Un photographe a capturé le rituel de l’une des communautés les plus recluses du monde

Dans une vallée éloignée et verdoyante nichée entre les forêts du lac de Côme et les pâturages alpins, un rituel étrange et archaïque a lieu chaque année.  Une communauté très solitaire qui compte moins d’un millier de personne se réunit pour récréer l’histoire de La belle et la bête dans le cadre du carnaval de Schignano.

Avec pleins de symboles, l’événement dépeint l’adieu des hommes du village pour chercher du travail en tant que migrant. Il se veut anarchique, sans règles ni lois écrites, les participants s’effacent derrières des masques en noyer datant d’environ 200 ans et qui sont utilisés exclusivement pour le carnaval.

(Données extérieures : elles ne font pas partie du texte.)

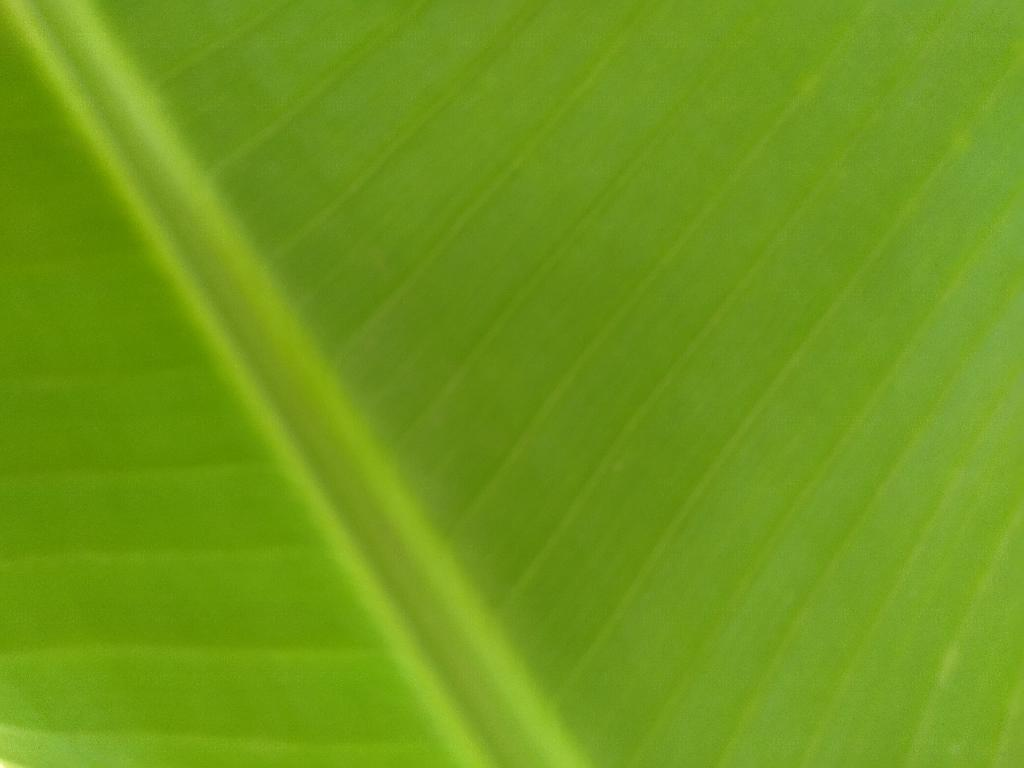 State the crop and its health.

banana, healthy
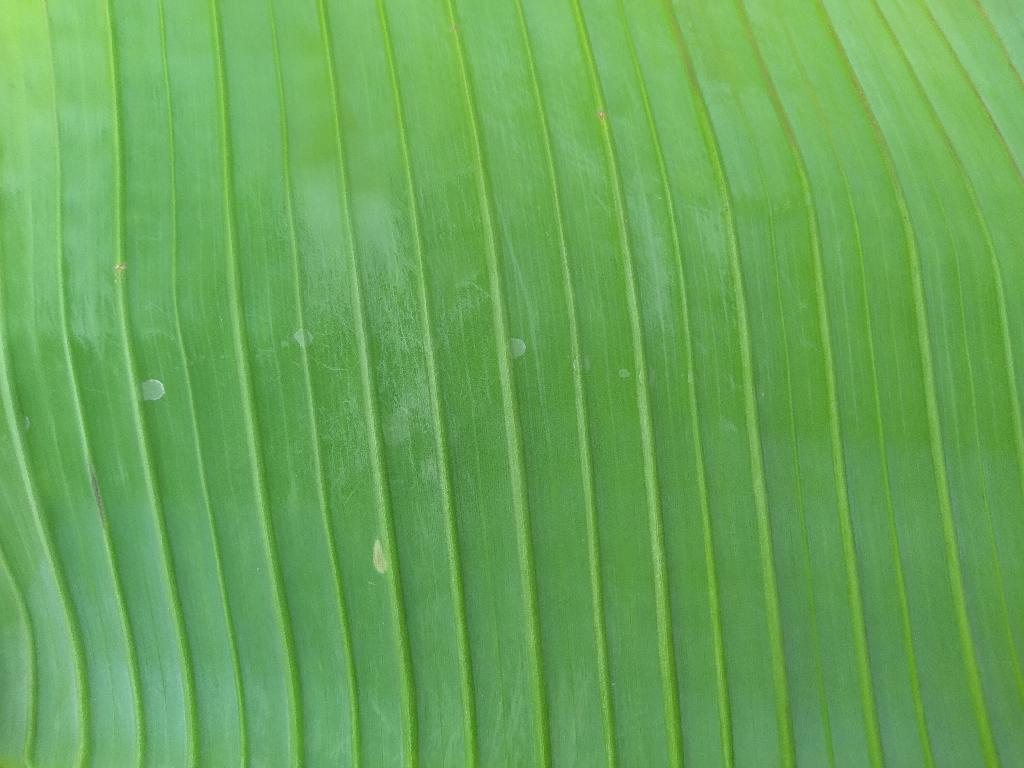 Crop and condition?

banana, healthy
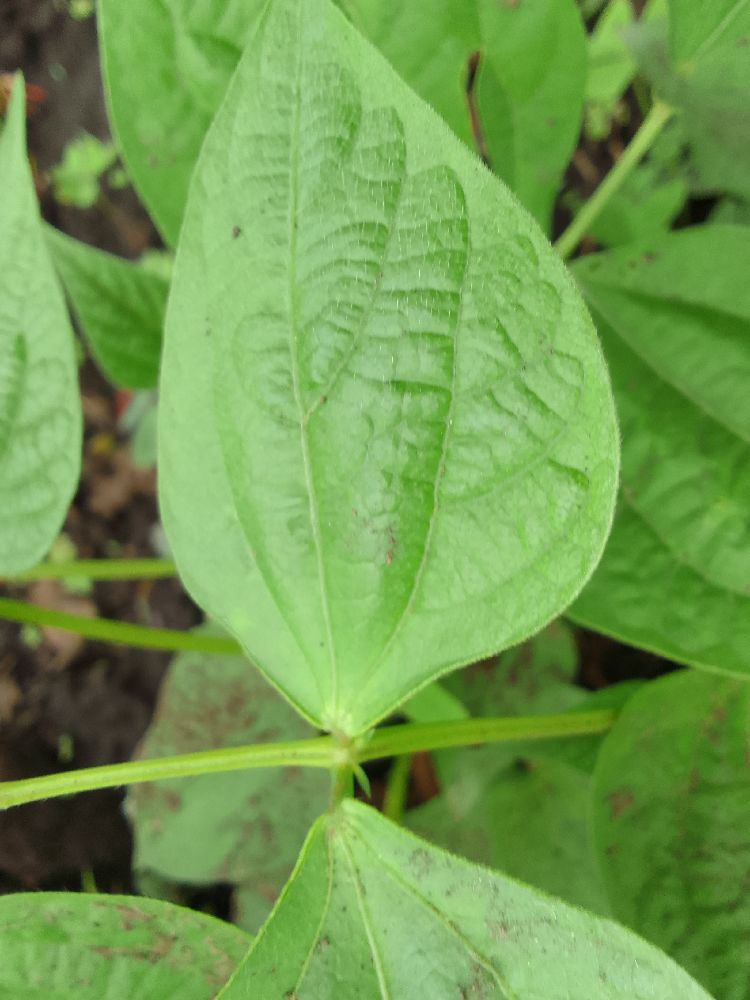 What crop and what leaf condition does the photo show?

common bean, healthy
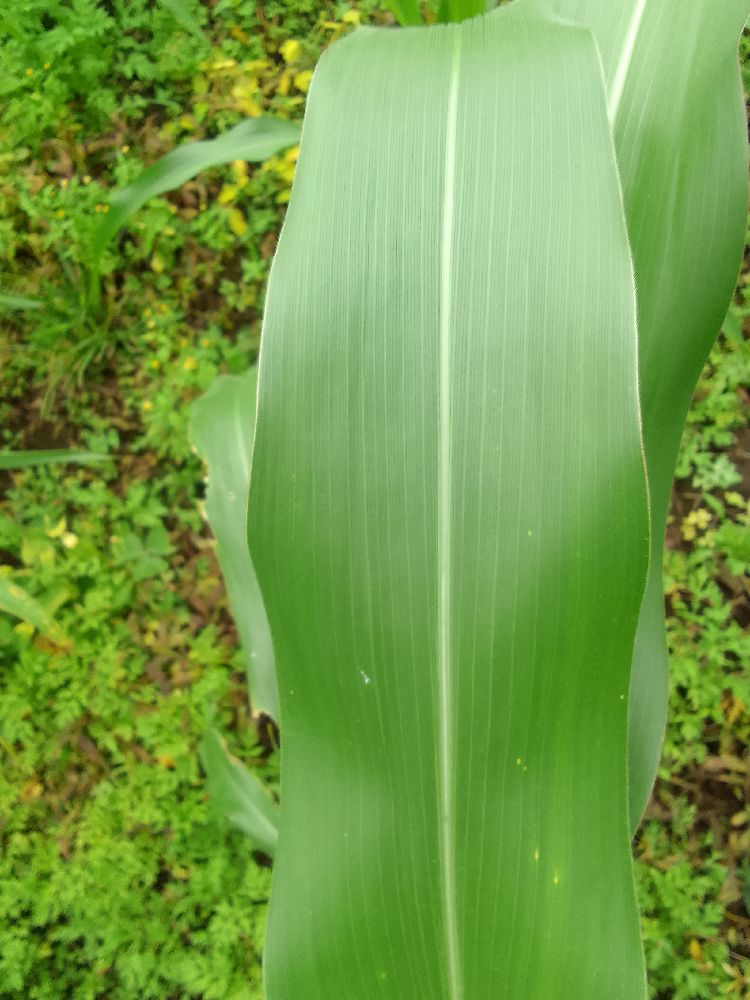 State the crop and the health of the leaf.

maize, healthy
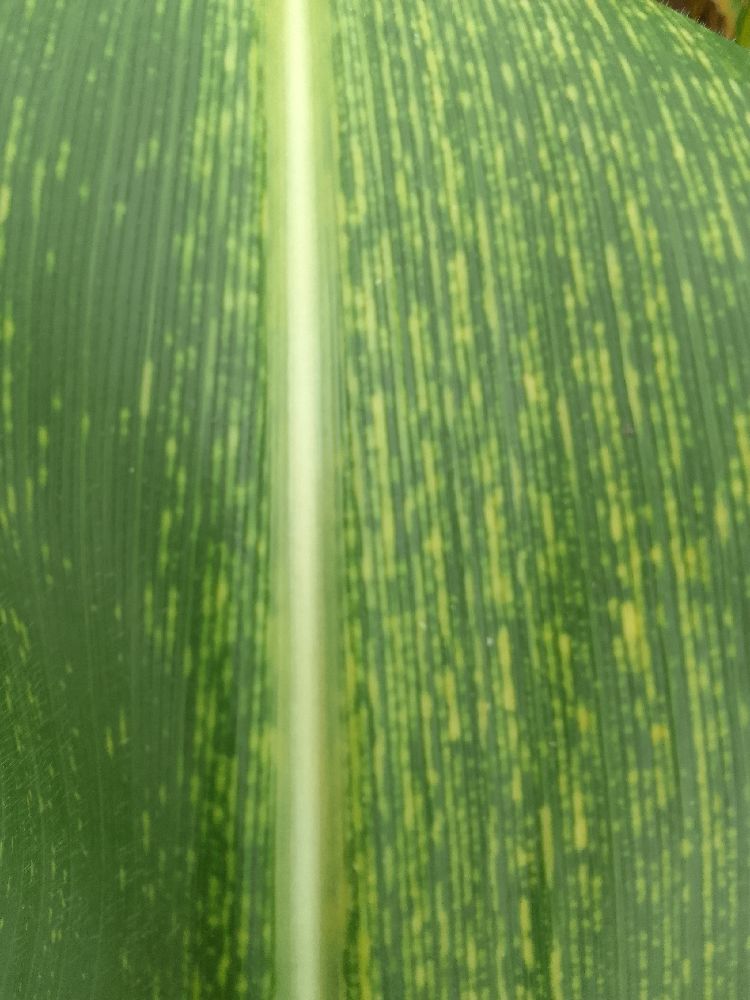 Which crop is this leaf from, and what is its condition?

maize, maize streak virus
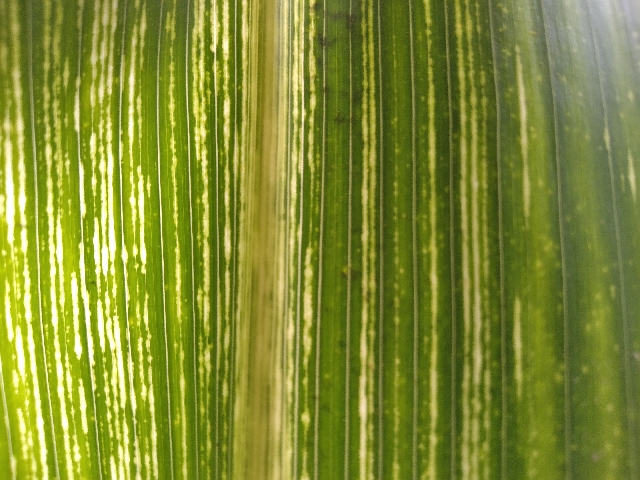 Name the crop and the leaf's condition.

maize, maize streak virus
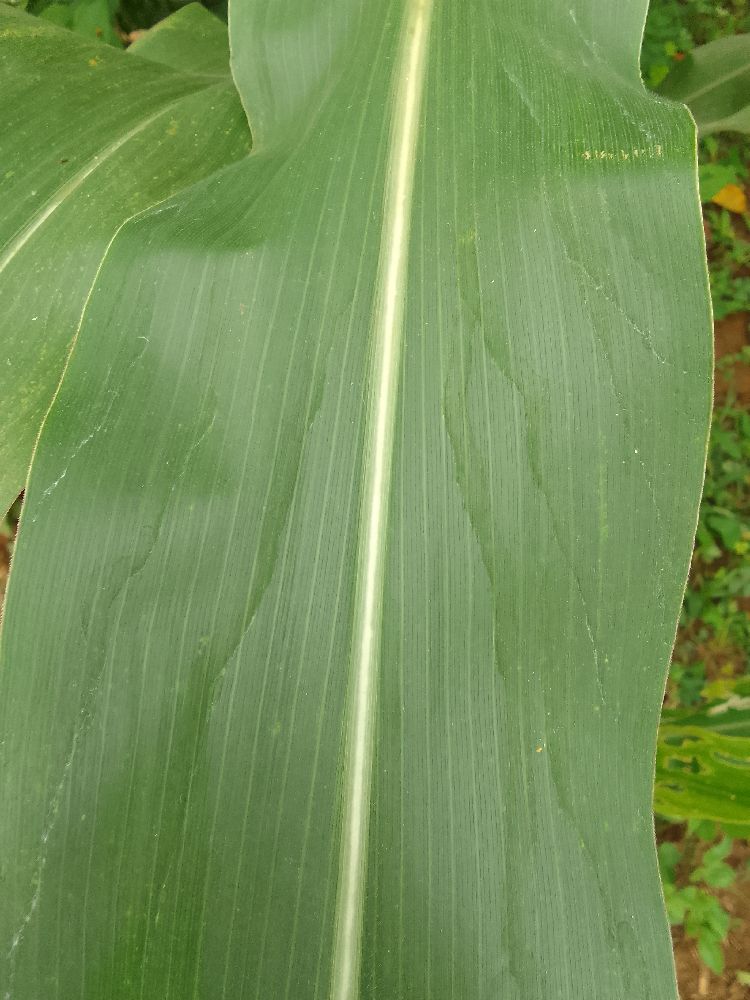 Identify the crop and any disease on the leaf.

maize, healthy

Mattia Vacca est un photojournaliste qui a passé trois ans à construire un accès exclusif et intime dans cette communauté fermée afin d’être au plus près de l’aspect surréaliste  décrit par ceux qui ont déjà assisté à l’événement.  Il raconte que son but notamment avec son livre intitulé A Winter’s Tale, est de laisser s’exprimer les acteurs du Carnaval de Schignano au lieu de porter son regard extérieur qui pourrait biaiser l’interprétation de ce rituel hors du commun.